## Goal of the exercise
The string "transform" may appear in lines of the listing. Report each line where it does.

## Listed entries
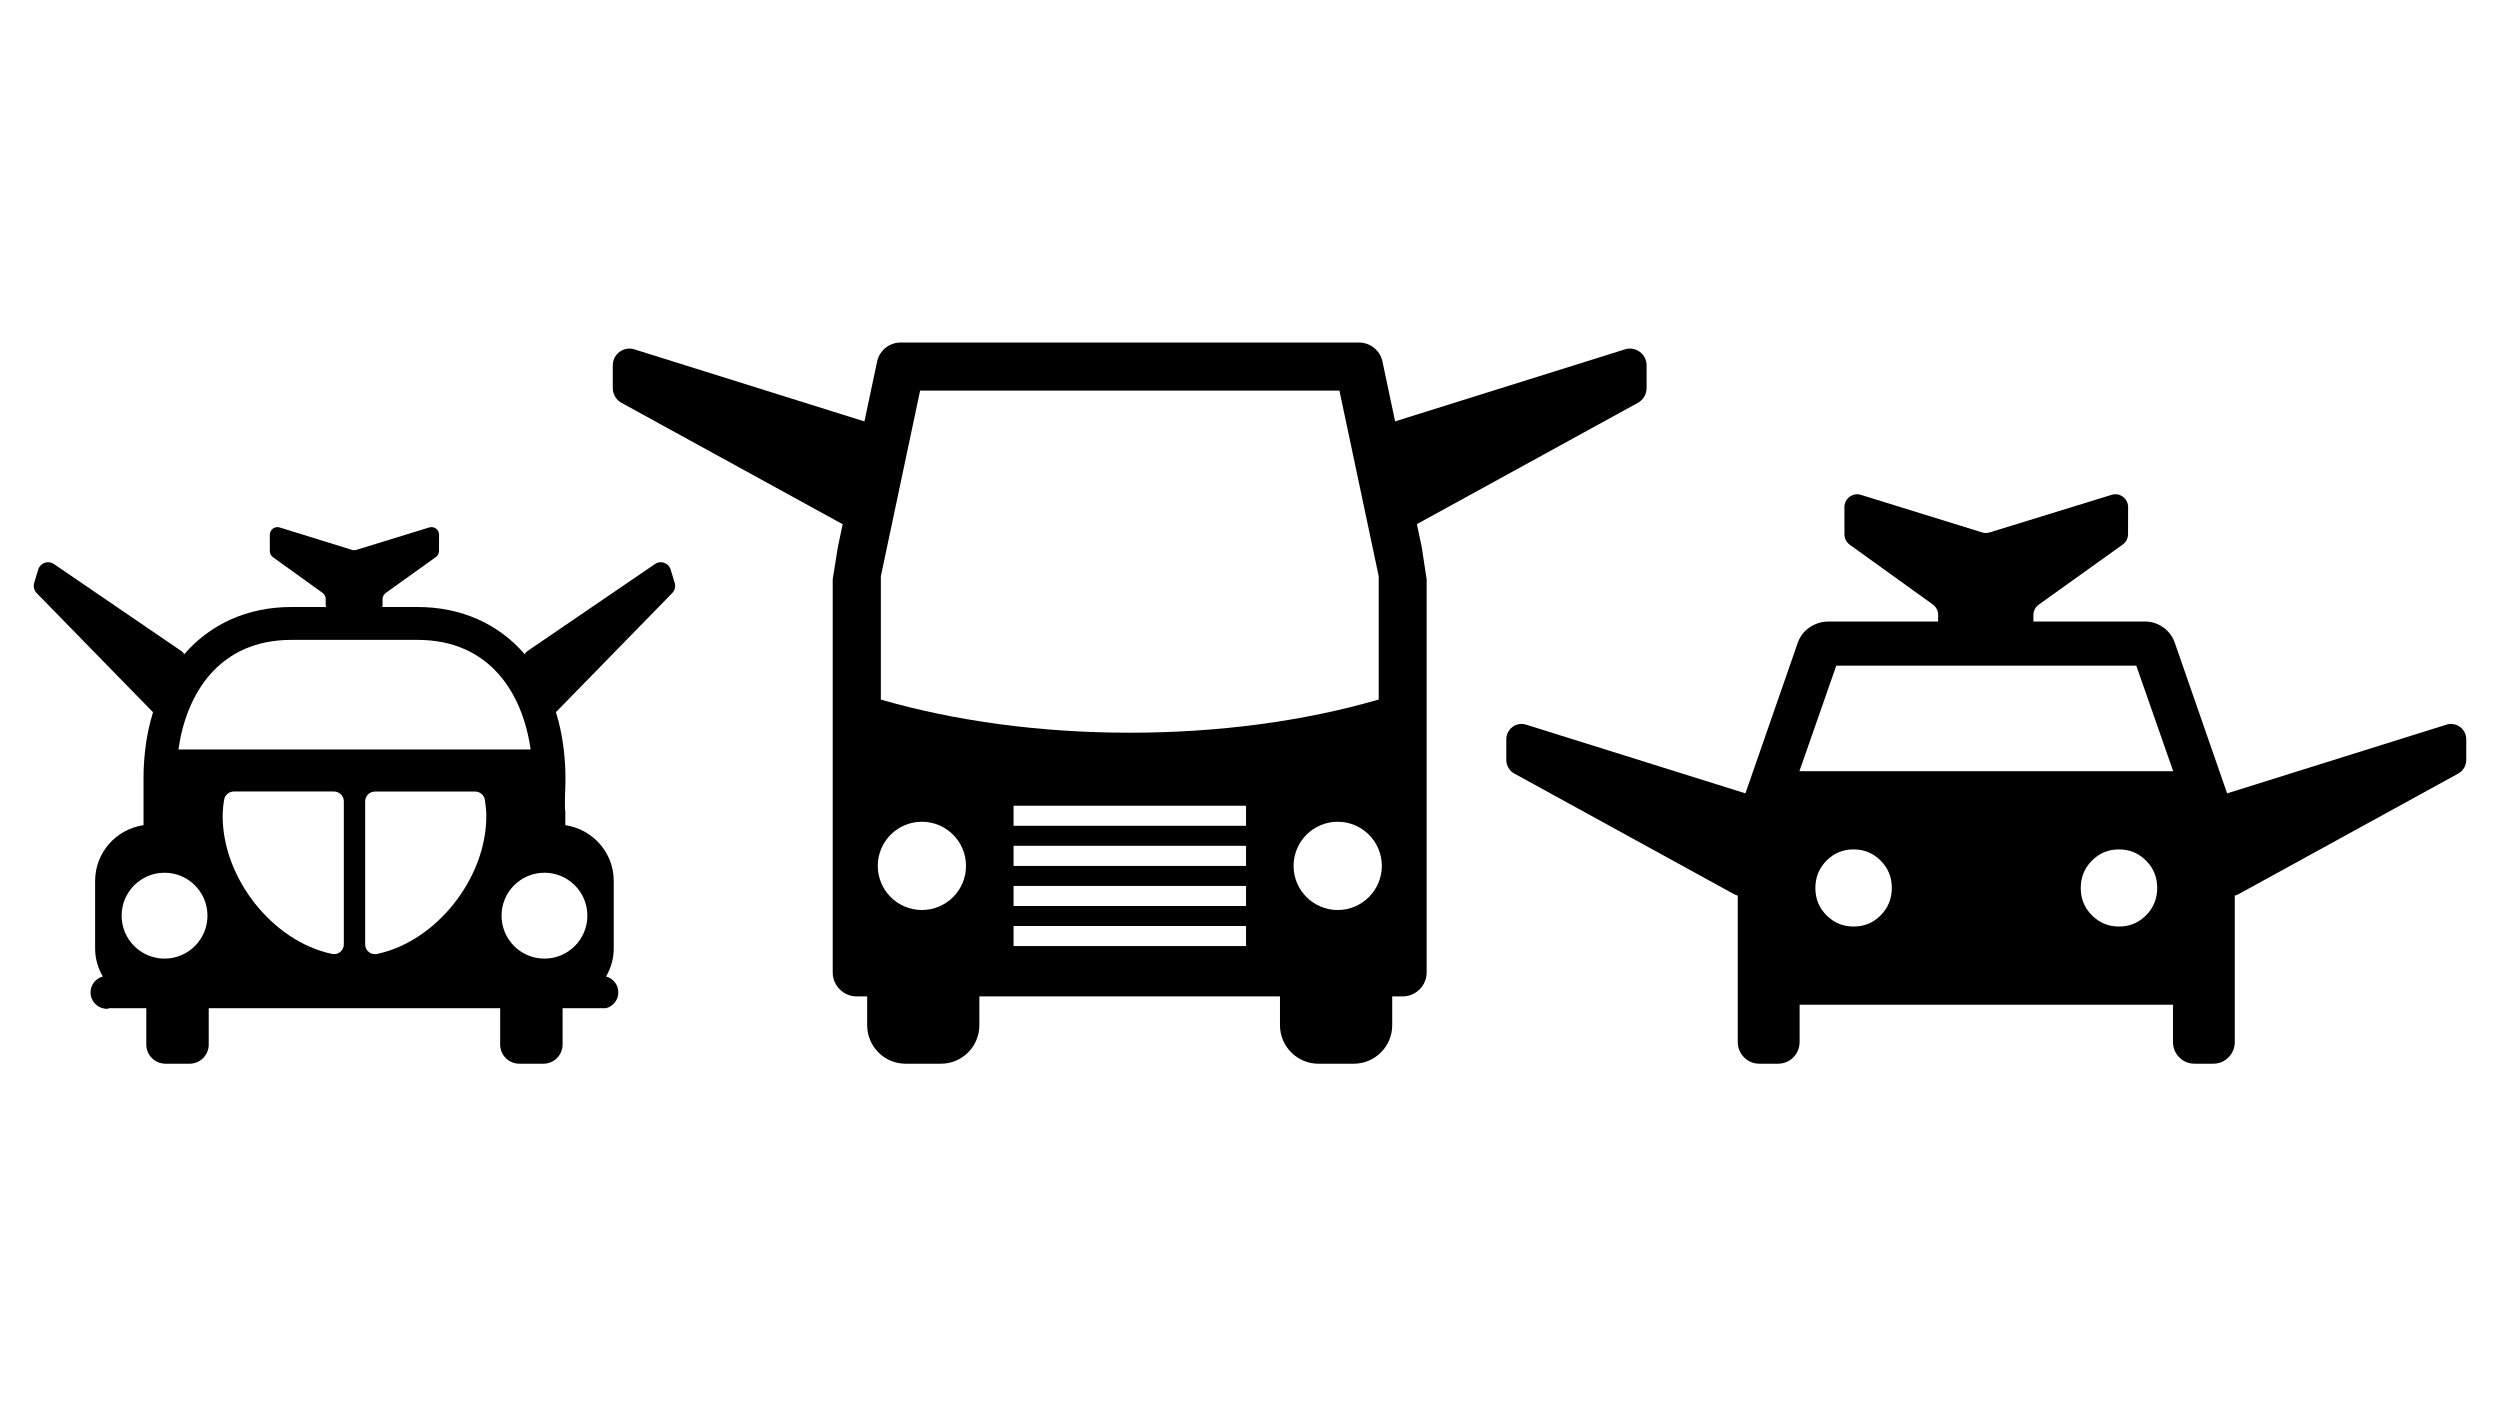 <?xml version="1.0" encoding="UTF-8" standalone="no"?>
<!DOCTYPE svg PUBLIC "-//W3C//DTD SVG 1.1//EN" "http://www.w3.org/Graphics/SVG/1.1/DTD/svg11.dtd">
<svg width="100%" height="100%" viewBox="0 0 3840 2160" version="1.1" xmlns="http://www.w3.org/2000/svg" xmlns:xlink="http://www.w3.org/1999/xlink" xml:space="preserve" xmlns:serif="http://www.serif.com/" style="fill-rule:evenodd;clip-rule:evenodd;stroke-linejoin:round;stroke-miterlimit:2;">
    <g transform="matrix(38.91,0,0,38.91,2764.21,1045.19)">
        <path d="M0,12.802L0,14.257C0,14.504 -0.083,14.711 -0.249,14.878C-0.415,15.046 -0.621,15.129 -0.865,15.129L-1.575,15.129C-1.821,15.129 -2.027,15.046 -2.192,14.878C-2.358,14.711 -2.442,14.504 -2.442,14.257L-2.442,5.327L-0.085,-1.454C0.002,-1.722 0.159,-1.934 0.388,-2.091C0.618,-2.249 0.873,-2.327 1.155,-2.327L13.628,-2.327C13.898,-2.327 14.144,-2.248 14.365,-2.088C14.585,-1.928 14.737,-1.717 14.822,-1.454L17.179,5.327L17.179,14.257C17.179,14.504 17.096,14.711 16.93,14.878C16.765,15.046 16.559,15.129 16.314,15.129L15.604,15.129C15.358,15.129 15.152,15.046 14.987,14.878C14.821,14.711 14.738,14.504 14.738,14.257L14.738,12.802L0,12.802ZM-0.008,3.581L14.747,3.581L13.291,-0.583L1.447,-0.583L-0.008,3.581ZM2.134,9.714C2.553,9.714 2.909,9.566 3.202,9.269C3.494,8.972 3.64,8.612 3.64,8.189C3.64,7.766 3.493,7.406 3.199,7.112C2.905,6.816 2.548,6.669 2.128,6.669C1.709,6.669 1.352,6.817 1.06,7.114C0.768,7.411 0.622,7.771 0.622,8.195C0.622,8.617 0.768,8.977 1.062,9.271C1.357,9.567 1.713,9.714 2.134,9.714M12.61,9.714C13.029,9.714 13.385,9.566 13.678,9.269C13.97,8.972 14.116,8.612 14.116,8.189C14.116,7.766 13.969,7.406 13.676,7.112C13.381,6.816 13.024,6.669 12.604,6.669C12.185,6.669 11.828,6.817 11.536,7.114C11.244,7.411 11.098,7.771 11.098,8.195C11.098,8.617 11.244,8.977 11.539,9.271C11.834,9.567 12.19,9.714 12.61,9.714" style="fill-rule:nonzero;"/>
    </g>
    <g transform="matrix(38.91,0,0,38.91,2313.7,1354.64)">
        <path d="M0,-5.63L0,-4.812C0,-4.59 0.121,-4.385 0.314,-4.279L8.984,0.48C9.384,0.7 9.873,0.408 9.873,-0.053L9.873,-2.914C9.873,-3.18 9.701,-3.415 9.45,-3.493L0.78,-6.209C0.393,-6.33 0,-6.039 0,-5.63" style="fill-rule:nonzero;"/>
    </g>
    <g transform="matrix(38.91,0,0,38.91,3788.17,1354.64)">
        <path d="M0,-5.63L0,-4.812C0,-4.59 -0.121,-4.385 -0.314,-4.279L-8.984,0.48C-9.384,0.7 -9.873,0.408 -9.873,-0.053L-9.873,-2.914C-9.873,-3.18 -9.701,-3.415 -9.45,-3.493L-0.78,-6.209C-0.393,-6.33 0,-6.039 0,-5.63" style="fill-rule:nonzero;"/>
    </g>
    <g transform="matrix(38.91,0,0,38.91,3131.56,807.091)">
        <path d="M0,3.125L3.312,0.755C3.444,0.661 3.524,0.507 3.524,0.343L3.527,-0.723C3.528,-1.064 3.2,-1.309 2.877,-1.209L-1.943,0.276C-2.038,0.305 -2.141,0.305 -2.237,0.275L-7.022,-1.208C-7.345,-1.308 -7.672,-1.064 -7.672,-0.724L-7.672,0.349C-7.672,0.513 -7.594,0.666 -7.462,0.761L-4.183,3.12C-4.051,3.215 -3.973,3.369 -3.973,3.532L-3.973,3.928C-3.973,4.208 -3.748,4.434 -3.471,4.434L-0.714,4.434C-0.436,4.434 -0.212,4.208 -0.212,3.928L-0.212,3.538C-0.212,3.374 -0.132,3.22 0,3.125" style="fill-rule:nonzero;"/>
    </g>
    <g transform="matrix(38.91,0,0,38.91,941.217,800.749)">
        <path d="M0,-6.155L0,-5.261C0,-5.018 0.132,-4.794 0.343,-4.678L9.823,0.525C10.261,0.766 10.795,0.446 10.795,-0.057L10.795,-3.185C10.795,-3.476 10.607,-3.733 10.333,-3.819L0.853,-6.789C0.43,-6.921 0,-6.602 0,-6.155" style="fill-rule:nonzero;"/>
    </g>
    <g transform="matrix(38.91,0,0,38.91,2529.18,800.749)">
        <path d="M0,-6.155L0,-5.261C0,-5.018 -0.132,-4.794 -0.343,-4.678L-9.823,0.525C-10.261,0.766 -10.795,0.446 -10.795,-0.057L-10.795,-3.185C-10.795,-3.476 -10.607,-3.733 -10.333,-3.819L-0.853,-6.789C-0.43,-6.921 0,-6.602 0,-6.155" style="fill-rule:nonzero;"/>
    </g>
    <g transform="matrix(38.91,0,0,38.91,2123.47,1604.58)">
        <path d="M0,-26.964C-0.093,-27.403 -0.479,-27.717 -0.928,-27.717L-19.021,-27.717C-19.469,-27.717 -19.856,-27.403 -19.95,-26.964L-21.5,-19.636L-21.702,-18.371L-21.702,-2.854C-21.702,-2.329 -21.277,-1.904 -20.752,-1.904L-20.342,-1.904L-20.342,-0.767C-20.342,0.072 -19.661,0.753 -18.823,0.753L-17.433,0.753C-16.593,0.753 -15.913,0.072 -15.913,-0.767L-15.913,-1.904L-4.046,-1.904L-4.046,-0.767C-4.046,0.072 -3.365,0.753 -2.527,0.753L-1.135,0.753C-0.296,0.753 0.385,0.072 0.385,-0.767L0.385,-1.904L0.795,-1.904C1.319,-1.904 1.744,-2.329 1.744,-2.854L1.744,-18.371L1.551,-19.637L0,-26.964ZM-18.182,-5.315C-19.143,-5.315 -19.923,-6.094 -19.923,-7.056C-19.923,-8.019 -19.144,-8.799 -18.182,-8.799C-17.219,-8.799 -16.44,-8.019 -16.44,-7.056C-16.44,-6.094 -17.219,-5.315 -18.182,-5.315M-5.386,-3.892L-14.563,-3.892L-14.563,-4.684L-5.386,-4.684L-5.386,-3.892ZM-5.386,-5.473L-14.563,-5.473L-14.563,-6.266L-5.386,-6.266L-5.386,-5.473ZM-5.386,-7.056L-14.563,-7.056L-14.563,-7.849L-5.386,-7.849L-5.386,-7.056ZM-5.386,-8.639L-14.563,-8.639L-14.563,-9.43L-5.386,-9.43L-5.386,-8.639ZM-9.975,-12.314C-13.482,-12.314 -16.859,-12.769 -19.802,-13.622L-19.802,-18.488L-18.252,-25.819L-1.699,-25.819L-0.148,-18.488L-0.148,-13.624C-3.091,-12.768 -6.468,-12.314 -9.975,-12.314M-1.767,-5.315C-2.728,-5.315 -3.509,-6.094 -3.509,-7.056C-3.509,-8.019 -2.729,-8.799 -1.767,-8.799C-0.805,-8.799 -0.025,-8.019 -0.025,-7.056C-0.027,-6.095 -0.806,-5.315 -1.767,-5.315" style="fill-rule:nonzero;"/>
    </g>
    <g transform="matrix(38.91,0,0,38.91,930.956,941.769)">
        <path d="M0,14.345C0.186,14.018 0.302,13.644 0.302,13.241L0.302,10.574C0.302,9.45 -0.529,8.53 -1.609,8.37L-1.609,7.827C-1.648,7.727 -1.605,6.704 -1.605,6.704L-1.605,6.463C-1.605,6.097 -1.631,5.745 -1.669,5.401L-1.67,5.382L-1.672,5.382C-1.731,4.861 -1.838,4.371 -1.98,3.909L2.611,-0.792C2.714,-0.898 2.751,-1.053 2.708,-1.196L2.548,-1.721C2.468,-1.984 2.159,-2.094 1.934,-1.941L-3.104,1.498C-3.15,1.53 -3.185,1.573 -3.214,1.619C-4.236,0.439 -5.694,-0.242 -7.444,-0.242L-8.839,-0.242C-8.833,-0.267 -8.824,-0.291 -8.824,-0.318L-8.824,-0.551C-8.824,-0.649 -8.777,-0.74 -8.698,-0.797L-6.722,-2.211C-6.643,-2.267 -6.596,-2.359 -6.596,-2.457L-6.594,-3.093C-6.593,-3.296 -6.788,-3.442 -6.981,-3.383L-9.857,-2.497C-9.914,-2.48 -9.975,-2.48 -10.032,-2.497L-12.886,-3.382C-13.079,-3.442 -13.275,-3.296 -13.275,-3.093L-13.275,-2.453C-13.275,-2.356 -13.228,-2.264 -13.149,-2.207L-11.193,-0.8C-11.114,-0.744 -11.068,-0.652 -11.068,-0.555L-11.068,-0.318C-11.068,-0.291 -11.059,-0.267 -11.052,-0.242L-12.42,-0.242C-14.171,-0.242 -15.631,0.44 -16.652,1.622C-16.681,1.574 -16.717,1.531 -16.765,1.498L-21.802,-1.941C-22.027,-2.094 -22.336,-1.984 -22.417,-1.721L-22.576,-1.196C-22.62,-1.053 -22.582,-0.898 -22.479,-0.792L-17.885,3.912C-18.027,4.373 -18.134,4.862 -18.193,5.382L-18.194,5.382L-18.195,5.401C-18.233,5.745 -18.26,6.097 -18.26,6.463L-18.26,8.37C-19.339,8.528 -20.171,9.448 -20.171,10.574L-20.171,13.241C-20.171,13.644 -20.056,14.018 -19.868,14.346C-20.146,14.419 -20.352,14.67 -20.352,14.97C-20.352,15.329 -20.061,15.619 -19.703,15.619L-19.646,15.619L-19.646,15.596L-18.151,15.596L-18.151,17.029C-18.151,17.448 -17.812,17.787 -17.393,17.787L-16.444,17.787C-16.025,17.787 -15.686,17.448 -15.686,17.029L-15.686,15.596L-4.182,15.596L-4.182,17.029C-4.182,17.448 -3.843,17.787 -3.424,17.787L-2.475,17.787C-2.056,17.787 -1.717,17.448 -1.717,17.029L-1.717,15.596L-0.003,15.596C0.276,15.524 0.483,15.273 0.483,14.97C0.483,14.669 0.279,14.419 0,14.345M-12.42,1.056L-7.444,1.056C-4.568,1.056 -3.287,3.199 -2.979,5.383L-16.882,5.383C-16.576,3.2 -15.294,1.056 -12.42,1.056M-19.125,11.942C-19.125,11.007 -18.365,10.248 -17.43,10.248C-16.494,10.248 -15.736,11.008 -15.736,11.942C-15.736,12.88 -16.494,13.638 -17.43,13.638C-18.365,13.638 -19.125,12.879 -19.125,11.942M-10.824,13.452C-13.161,12.958 -15.136,10.468 -15.136,8.014C-15.136,7.811 -15.118,7.606 -15.079,7.369C-15.048,7.18 -14.886,7.041 -14.694,7.041L-10.742,7.041C-10.526,7.041 -10.353,7.216 -10.353,7.43L-10.353,13.074C-10.353,13.191 -10.405,13.303 -10.497,13.376C-10.567,13.433 -10.653,13.462 -10.742,13.462C-10.77,13.462 -10.796,13.458 -10.824,13.452M-9.121,13.463C-9.21,13.463 -9.297,13.433 -9.367,13.378C-9.458,13.304 -9.511,13.193 -9.511,13.075L-9.511,7.432C-9.511,7.217 -9.337,7.043 -9.121,7.043L-5.17,7.043C-4.977,7.043 -4.815,7.182 -4.784,7.371C-4.747,7.607 -4.728,7.813 -4.728,8.015C-4.729,10.469 -6.703,12.959 -9.04,13.454C-9.067,13.461 -9.093,13.463 -9.121,13.463M-2.433,13.638C-3.369,13.638 -4.127,12.879 -4.127,11.942C-4.127,11.007 -3.369,10.248 -2.433,10.248C-1.497,10.248 -0.739,11.007 -0.739,11.942C-0.739,12.879 -1.497,13.638 -2.433,13.638" style="fill-rule:nonzero;"/>
    </g>
</svg>

## Answer section
    <g transform="matrix(38.91,0,0,38.91,2764.21,1045.19)">
    <g transform="matrix(38.91,0,0,38.91,2313.7,1354.64)">
    <g transform="matrix(38.91,0,0,38.91,3788.17,1354.64)">
    <g transform="matrix(38.91,0,0,38.91,3131.56,807.091)">
    <g transform="matrix(38.91,0,0,38.91,941.217,800.749)">
    <g transform="matrix(38.91,0,0,38.91,2529.18,800.749)">
    <g transform="matrix(38.91,0,0,38.91,2123.47,1604.58)">
    <g transform="matrix(38.91,0,0,38.91,930.956,941.769)">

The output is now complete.